By the definition of J, we have $t_J + g_{J+1} \geq t$ and $g_{J+1} \leq (\log (d+t))^{1+\varepsilon }$ . By combining the preceding display with these two facts, we find that

$$ \begin{align*} J \geq \frac{t_J - g_{J+1}}{g_{J+1}} \geq \frac{t - 2g_{J+1}}{g_{J+1}} \geq \frac{t - 2 \big( \log (d+t) \big)^{1+\varepsilon}}{\big( \log (d+t) \big)^{1+\varepsilon}}. \end{align*} $$

Returning to equation (6.9), we conclude that

$$\begin{align*}\mathbf{P}_U (\mathcal{T}(\theta)> t) \leq e^{-\frac{t - 2 ( \log (d+t) )^{1+\varepsilon}}{( \log (d+t) )^{1+\varepsilon}}}. \end{align*}$$

We obtain equation (6.7) by replacing t with $t \big (\log \max \{t,d\} \big )^{1+2\varepsilon }$ in the preceding inequality and noting that, because $d \geq \theta $ and $\varepsilon < 1$ , the resulting bound is at most $e^{-t}$ .

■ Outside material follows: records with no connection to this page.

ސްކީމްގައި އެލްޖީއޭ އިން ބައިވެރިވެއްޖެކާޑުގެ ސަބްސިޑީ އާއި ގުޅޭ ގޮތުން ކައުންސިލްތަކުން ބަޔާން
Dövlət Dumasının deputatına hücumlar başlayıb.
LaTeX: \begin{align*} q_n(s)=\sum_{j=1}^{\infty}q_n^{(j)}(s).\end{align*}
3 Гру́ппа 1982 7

6.2 Proof strategy for Proposition 6.3

We turn our attention to the proof of Proposition 6.3, which finds a high-probability bound on the time it takes for all but one cluster to collapse. Heuristically, if there are only two clusters, separated by a distance $\rho _1$ , then one of the clusters will lose all its particles to the other cluster in $\log \rho _1$ steps (up to factors depending on n), due to the harmonic measure and escape probability lower bounds of Theorems 4 and 5. This heuristic suggests that, among k clusters, we should observe the collapse of some cluster on a timescale which depends on the smallest separation between any two of the k clusters. Similarly, at the time the $\ell ^{\text {th}}$ cluster collapses, if the least separation among the remaining clusters is $\rho _{\ell +1}$ , then we expect to wait $\log \rho _{\ell +1}$ steps for the $(\ell +1)^{\text {st}}$ collapse.

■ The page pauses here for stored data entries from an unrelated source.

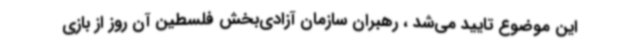
این موضوع تایید می‌شد ، رهبران سازمان آزادی‌بخش فلسطین آن روز از بازی
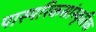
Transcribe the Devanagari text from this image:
पास्परिकसांस्कृतिक
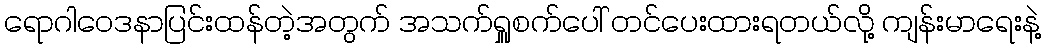
ရောဂါဝေဒနာပြင်းထန်တဲ့အတွက် အသက်ရှူစက်ပေါ် တင်ပေးထားရတယ်လို့ ကျန်းမာရေးနဲ့
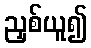
ညှစ်ယူ၍
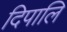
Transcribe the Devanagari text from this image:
दिपालि
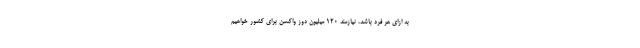
به ازای هر فرد باشد، نیازمند ۱۲۰ میلیون دوز واکسن برای کشور خواهیم
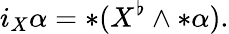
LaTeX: i_{X}\alpha=\ast(X^{\flat}\wedge\ast\alpha).

If the timescale of collapse is small relative to the separation between clusters, then the pairwise separation and diameters of clusters cannot appreciably change while collapse occurs. In particular, the separation between any two clusters cannot significantly exceed the initial diameter d of the configuration, which suggests an overall bound of order $(\log d)^{1+o_n(1)}$ steps for all but one cluster to collapse, where the $o_n (1)$ factor accounts for various n-dependent factors. This is the upper bound that we establish.